* [DATA UNDER STUDY]
Content starts
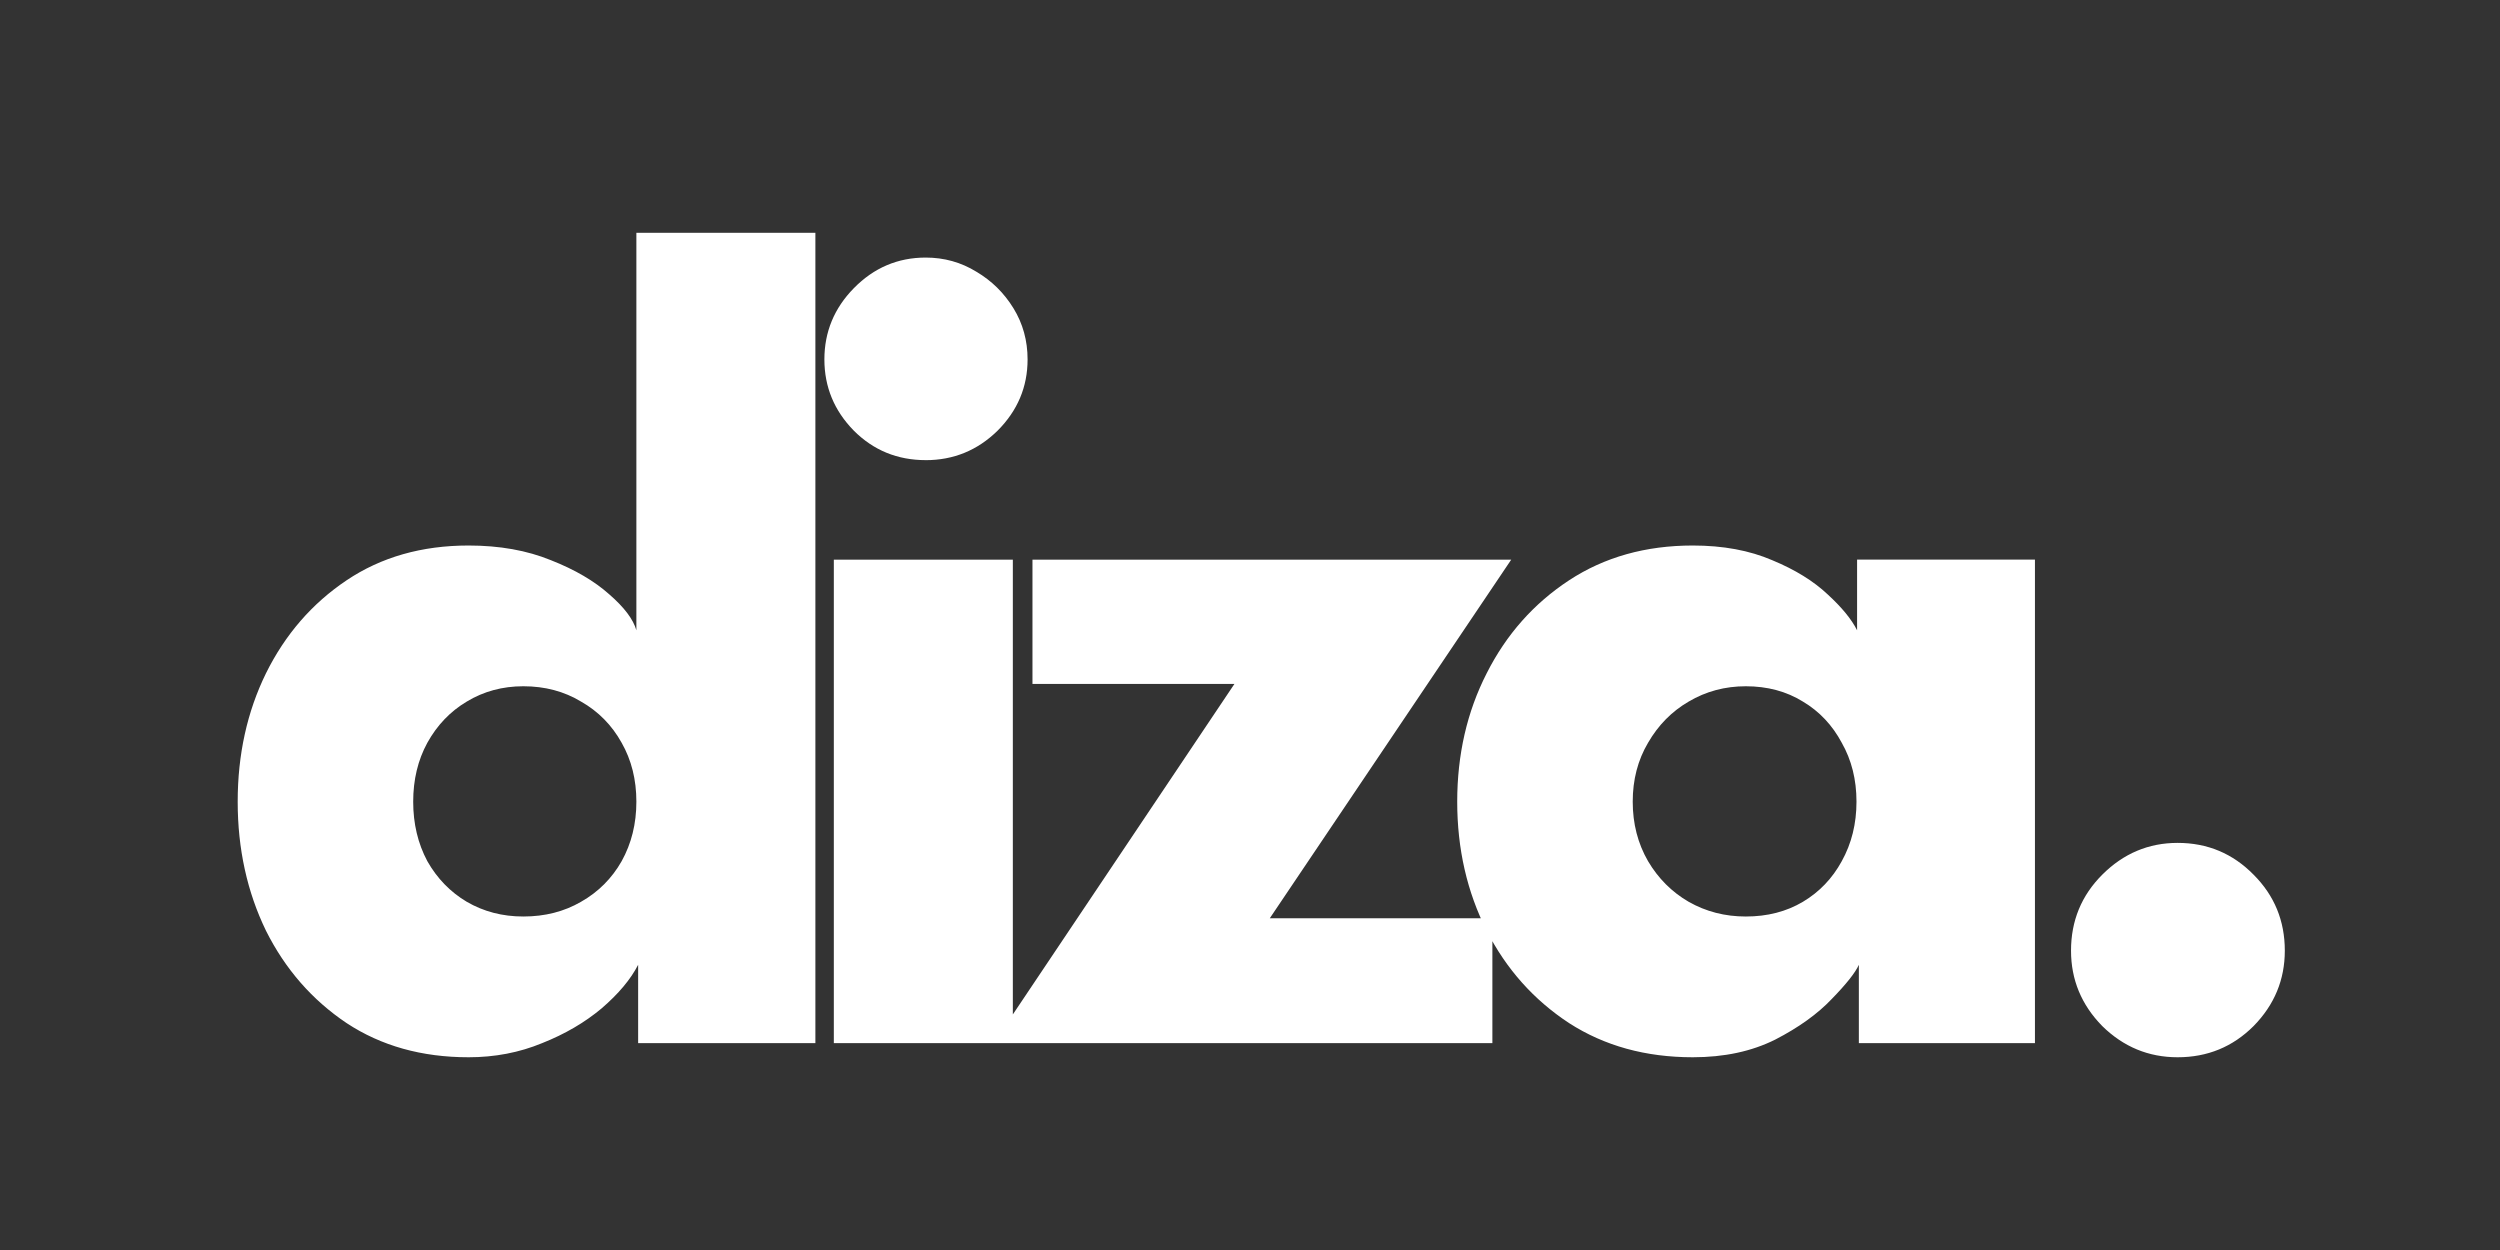 <?xml version="1.0" encoding="UTF-8" standalone="no"?>
<!-- Created with Inkscape (http://www.inkscape.org/) -->

<svg
   width="24mm"
   height="12mm"
   viewBox="0 0 24 12"
   version="1.1"
   id="svg1"
   inkscape:version="1.3 (0e150ed6c4, 2023-07-21)"
   sodipodi:docname="logo.svg"
   inkscape:export-filename="..\OneDrive\Documents\vectors\logo_fg_black.svg"
   inkscape:export-xdpi="677.33331"
   inkscape:export-ydpi="677.33331"
   xmlns:inkscape="http://www.inkscape.org/namespaces/inkscape"
   xmlns:sodipodi="http://sodipodi.sourceforge.net/DTD/sodipodi-0.dtd"
   xmlns="http://www.w3.org/2000/svg"
   xmlns:svg="http://www.w3.org/2000/svg">
  <rect x="0" y="0" width="24" height="12" fill="#333333" stroke="none"/>
  <sodipodi:namedview
     id="namedview1"
     pagecolor="#ffffff"
     bordercolor="#000000"
     borderopacity="0.25"
     inkscape:showpageshadow="2"
     inkscape:pageopacity="0.0"
     inkscape:pagecheckerboard="false"
     inkscape:deskcolor="#d1d1d1"
     inkscape:document-units="mm"
     inkscape:zoom="2.1694726"
     inkscape:cx="183.22425"
     inkscape:cy="32.957319"
     inkscape:window-width="1920"
     inkscape:window-height="1057"
     inkscape:window-x="-8"
     inkscape:window-y="-8"
     inkscape:window-maximized="1"
     inkscape:current-layer="layer1" />
  <defs
     id="defs1" />
  <g
     inkscape:label="Layer 1"
     inkscape:groupmode="layer"
     id="layer1">
    <rect
       style="fill:none;fill-opacity:1;stroke:none;stroke-width:0;stroke-miterlimit:2.1;stroke-opacity:0;paint-order:stroke fill markers"
       id="rect3"
       width="24"
       height="12"
       x="0"
       y="0"
       ry="1.5"
       rx="1.5" />
    <path
       d="m 230.268,475.814 q -2.539,0 -4.416,-1.237 -1.877,-1.259 -2.923,-3.349 -1.024,-2.112 -1.024,-4.672 0,-2.56 1.024,-4.651 1.045,-2.112 2.923,-3.371 1.877,-1.259 4.416,-1.259 1.685,0 2.987,0.533 1.301,0.512 2.112,1.237 0.811,0.704 0.981,1.301 v -14.4 h 6.485 v 29.355 h -6.421 v -2.837 q -0.405,0.789 -1.323,1.579 -0.917,0.768 -2.155,1.259 -1.237,0.512 -2.667,0.512 z m 1.984,-5.099 q 1.173,0 2.091,-0.533 0.939,-0.533 1.472,-1.472 0.533,-0.96 0.533,-2.155 0,-1.195 -0.533,-2.133 -0.533,-0.96 -1.472,-1.493 -0.917,-0.555 -2.091,-0.555 -1.131,0 -2.048,0.555 -0.896,0.533 -1.429,1.493 -0.512,0.939 -0.512,2.133 0,1.195 0.512,2.155 0.533,0.939 1.429,1.472 0.917,0.533 2.048,0.533 z m 11.249,4.587 v -17.515 h 6.485 v 17.515 z m 3.328,-21.12 q -1.536,0 -2.603,-1.067 -1.067,-1.088 -1.067,-2.581 0,-1.493 1.067,-2.581 1.088,-1.109 2.603,-1.109 1.003,0 1.835,0.512 0.832,0.491 1.344,1.323 0.512,0.832 0.512,1.856 0,1.493 -1.088,2.581 -1.088,1.067 -2.603,1.067 z m 3.868,3.605 h 17.344 l -8.747,12.992 h 8.064 v 4.523 h -18.069 l 8.725,-13.013 h -7.317 z m 29.937,17.515 v -2.837 q -0.192,0.427 -0.981,1.237 -0.768,0.811 -2.048,1.472 -1.28,0.64 -2.987,0.64 -2.56,0 -4.48,-1.237 -1.92,-1.259 -2.987,-3.349 -1.067,-2.112 -1.067,-4.672 0,-2.56 1.067,-4.651 1.067,-2.112 2.987,-3.371 1.92,-1.259 4.48,-1.259 1.643,0 2.88,0.533 1.237,0.512 2.005,1.237 0.768,0.704 1.067,1.301 v -2.56 h 6.443 v 17.515 z m -8.192,-8.747 q 0,1.195 0.555,2.155 0.555,0.939 1.472,1.472 0.939,0.533 2.069,0.533 1.173,0 2.069,-0.533 0.896,-0.533 1.408,-1.472 0.533,-0.96 0.533,-2.155 0,-1.195 -0.533,-2.133 -0.512,-0.96 -1.408,-1.493 -0.896,-0.555 -2.069,-0.555 -1.131,0 -2.069,0.555 -0.917,0.533 -1.472,1.493 -0.555,0.939 -0.555,2.133 z m 19.74,9.259 q -1.579,0 -2.731,-1.131 -1.131,-1.152 -1.131,-2.731 0,-1.621 1.131,-2.752 1.152,-1.152 2.731,-1.152 1.621,0 2.752,1.152 1.131,1.131 1.131,2.752 0,1.579 -1.131,2.731 -1.131,1.131 -2.752,1.131 z"
       id="text1"
       style="font-weight:bold;font-size:42.667px;line-height:0.4;font-family:'League Spartan';-inkscape-font-specification:'League Spartan Bold';letter-spacing:-3.3px;word-spacing:0px;white-space:pre;shape-padding:56.696;fill:#ffffff;fill-opacity:1;stroke-width:0;stroke-miterlimit:2.1;stroke-opacity:0;paint-order:stroke fill markers"
       inkscape:label="text1"
       transform="matrix(0.265,0,0,0.265,-56.523,-115.941)"
       aria-label="diza." />
  </g>
</svg>
Content ends
* [WHAT YOU HAVE TO DO] Your job is to repeat the data exactly, leaving each picture out.

* [ANSWER SECTION]
 <?xml version="1.0" encoding="UTF-8" standalone="no"?>
<!-- Created with Inkscape (http://www.inkscape.org/) -->

<svg
   width="24mm"
   height="12mm"
   viewBox="0 0 24 12"
   version="1.1"
   id="svg1"
   inkscape:version="1.3 (0e150ed6c4, 2023-07-21)"
   sodipodi:docname="logo.svg"
   inkscape:export-filename="..\OneDrive\Documents\vectors\logo_fg_black.svg"
   inkscape:export-xdpi="677.33331"
   inkscape:export-ydpi="677.33331"
   xmlns:inkscape="http://www.inkscape.org/namespaces/inkscape"
   xmlns:sodipodi="http://sodipodi.sourceforge.net/DTD/sodipodi-0.dtd"
   xmlns="http://www.w3.org/2000/svg"
   xmlns:svg="http://www.w3.org/2000/svg">
  <rect x="0" y="0" width="24" height="12" fill="#333333" stroke="none"/>
  <sodipodi:namedview
     id="namedview1"
     pagecolor="#ffffff"
     bordercolor="#000000"
     borderopacity="0.25"
     inkscape:showpageshadow="2"
     inkscape:pageopacity="0.0"
     inkscape:pagecheckerboard="false"
     inkscape:deskcolor="#d1d1d1"
     inkscape:document-units="mm"
     inkscape:zoom="2.1694726"
     inkscape:cx="183.22425"
     inkscape:cy="32.957319"
     inkscape:window-width="1920"
     inkscape:window-height="1057"
     inkscape:window-x="-8"
     inkscape:window-y="-8"
     inkscape:window-maximized="1"
     inkscape:current-layer="layer1" />
  <defs
     id="defs1" />
  <g
     inkscape:label="Layer 1"
     inkscape:groupmode="layer"
     id="layer1">
    <rect
       style="fill:none;fill-opacity:1;stroke:none;stroke-width:0;stroke-miterlimit:2.1;stroke-opacity:0;paint-order:stroke fill markers"
       id="rect3"
       width="24"
       height="12"
       x="0"
       y="0"
       ry="1.5"
       rx="1.5" />
    <path
       d="m 230.268,475.814 q -2.539,0 -4.416,-1.237 -1.877,-1.259 -2.923,-3.349 -1.024,-2.112 -1.024,-4.672 0,-2.56 1.024,-4.651 1.045,-2.112 2.923,-3.371 1.877,-1.259 4.416,-1.259 1.685,0 2.987,0.533 1.301,0.512 2.112,1.237 0.811,0.704 0.981,1.301 v -14.4 h 6.485 v 29.355 h -6.421 v -2.837 q -0.405,0.789 -1.323,1.579 -0.917,0.768 -2.155,1.259 -1.237,0.512 -2.667,0.512 z m 1.984,-5.099 q 1.173,0 2.091,-0.533 0.939,-0.533 1.472,-1.472 0.533,-0.96 0.533,-2.155 0,-1.195 -0.533,-2.133 -0.533,-0.96 -1.472,-1.493 -0.917,-0.555 -2.091,-0.555 -1.131,0 -2.048,0.555 -0.896,0.533 -1.429,1.493 -0.512,0.939 -0.512,2.133 0,1.195 0.512,2.155 0.533,0.939 1.429,1.472 0.917,0.533 2.048,0.533 z m 11.249,4.587 v -17.515 h 6.485 v 17.515 z m 3.328,-21.12 q -1.536,0 -2.603,-1.067 -1.067,-1.088 -1.067,-2.581 0,-1.493 1.067,-2.581 1.088,-1.109 2.603,-1.109 1.003,0 1.835,0.512 0.832,0.491 1.344,1.323 0.512,0.832 0.512,1.856 0,1.493 -1.088,2.581 -1.088,1.067 -2.603,1.067 z m 3.868,3.605 h 17.344 l -8.747,12.992 h 8.064 v 4.523 h -18.069 l 8.725,-13.013 h -7.317 z m 29.937,17.515 v -2.837 q -0.192,0.427 -0.981,1.237 -0.768,0.811 -2.048,1.472 -1.28,0.64 -2.987,0.64 -2.56,0 -4.48,-1.237 -1.92,-1.259 -2.987,-3.349 -1.067,-2.112 -1.067,-4.672 0,-2.56 1.067,-4.651 1.067,-2.112 2.987,-3.371 1.92,-1.259 4.48,-1.259 1.643,0 2.88,0.533 1.237,0.512 2.005,1.237 0.768,0.704 1.067,1.301 v -2.56 h 6.443 v 17.515 z m -8.192,-8.747 q 0,1.195 0.555,2.155 0.555,0.939 1.472,1.472 0.939,0.533 2.069,0.533 1.173,0 2.069,-0.533 0.896,-0.533 1.408,-1.472 0.533,-0.96 0.533,-2.155 0,-1.195 -0.533,-2.133 -0.512,-0.96 -1.408,-1.493 -0.896,-0.555 -2.069,-0.555 -1.131,0 -2.069,0.555 -0.917,0.533 -1.472,1.493 -0.555,0.939 -0.555,2.133 z m 19.74,9.259 q -1.579,0 -2.731,-1.131 -1.131,-1.152 -1.131,-2.731 0,-1.621 1.131,-2.752 1.152,-1.152 2.731,-1.152 1.621,0 2.752,1.152 1.131,1.131 1.131,2.752 0,1.579 -1.131,2.731 -1.131,1.131 -2.752,1.131 z"
       id="text1"
       style="font-weight:bold;font-size:42.667px;line-height:0.4;font-family:'League Spartan';-inkscape-font-specification:'League Spartan Bold';letter-spacing:-3.3px;word-spacing:0px;white-space:pre;shape-padding:56.696;fill:#ffffff;fill-opacity:1;stroke-width:0;stroke-miterlimit:2.1;stroke-opacity:0;paint-order:stroke fill markers"
       inkscape:label="text1"
       transform="matrix(0.265,0,0,0.265,-56.523,-115.941)"
       aria-label="diza." />
  </g>
</svg>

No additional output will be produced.